Afican American classical pianst , right wing journalist,feminist in her later years along with parleying with Stokley Carmichael and devout Catholic, Philippa Schuyler was a woman of paradoxical life flows. A child prodigy with an IQ said to be 185 , the biracial daughter of George Schuyler a figure in the Harlem renaissance movement and Josephine Codgell Schuyler a member of a prominent rich Texas family, Philippa would be compared to Mozart early in her career( for a haunting rendition of Ravel's "Alborada del gracioso " it can be found on Youtube) as a composer. I first came across Ms. Schuyler"s life story while doing research on lesser known black historical figures to be included in a series of occult detective stories.

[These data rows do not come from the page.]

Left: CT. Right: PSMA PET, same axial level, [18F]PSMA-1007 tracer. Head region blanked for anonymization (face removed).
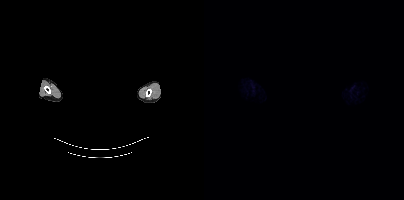
Negative for PSMA-avid disease on this slice.
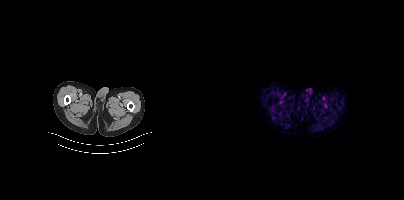
Findings: Negative for PSMA-avid disease on this slice.
Technique: Left: CT. Right: PSMA PET, same axial level, 18F-PSMA tracer. acquired on Siemens Biograph mCT Flow 20. slice 14 of 407.

I was fascinated by the contradictions in her life. A role model to the black community yet , at one point she tried to pass herself off as white using the name Monterro in the classical music world which had its biases. " Compositions in Black and White" by Kathryn Talalay(Oxford Press 1995) is a well written biograghy of Schuyler's life and the racial dynamic and conflict during the piansts life, I credit her book with helping my research. But it seems whether intended or not Schuylers occult leanings where left out. By chance while online looking for a book on dream divination , I came across a title : Kingdom of Dreams by Josephine and Philippa Duke Schuyler , (1966 Award books) and then reprinted in 1968 a year after her death and around the time of her mothers suicide.I ordered it. While this book is not mentioned in Talalay's book (another mystery is the middle maiden name Duke) she does let on that Schuyler's interested started in 1952 while on tour in Curacao, after being targeted in a kidnapping attempt she met a mysterious Herr van Kleed who introduced her to the reading of TAROT cards and a crystal ball reading , which among other visions predicted a plane crash . Kingdom of Dreams seems to me having read her style of writting in snipets was written by Philippa in the majority. A book that speaks to us in symbolic terms about dreams (as a child she would sleep for ten plus hours dreaming) and their meanings and self help, it stretches into a defense of alchemy and its heroes the immortal St. Germain, Paracelsus and Robert Fludd. Schuyler also felt a connection between Kasl Jungs theories and the alchemists work within the natural world was the key to life along with dream divination and numerology.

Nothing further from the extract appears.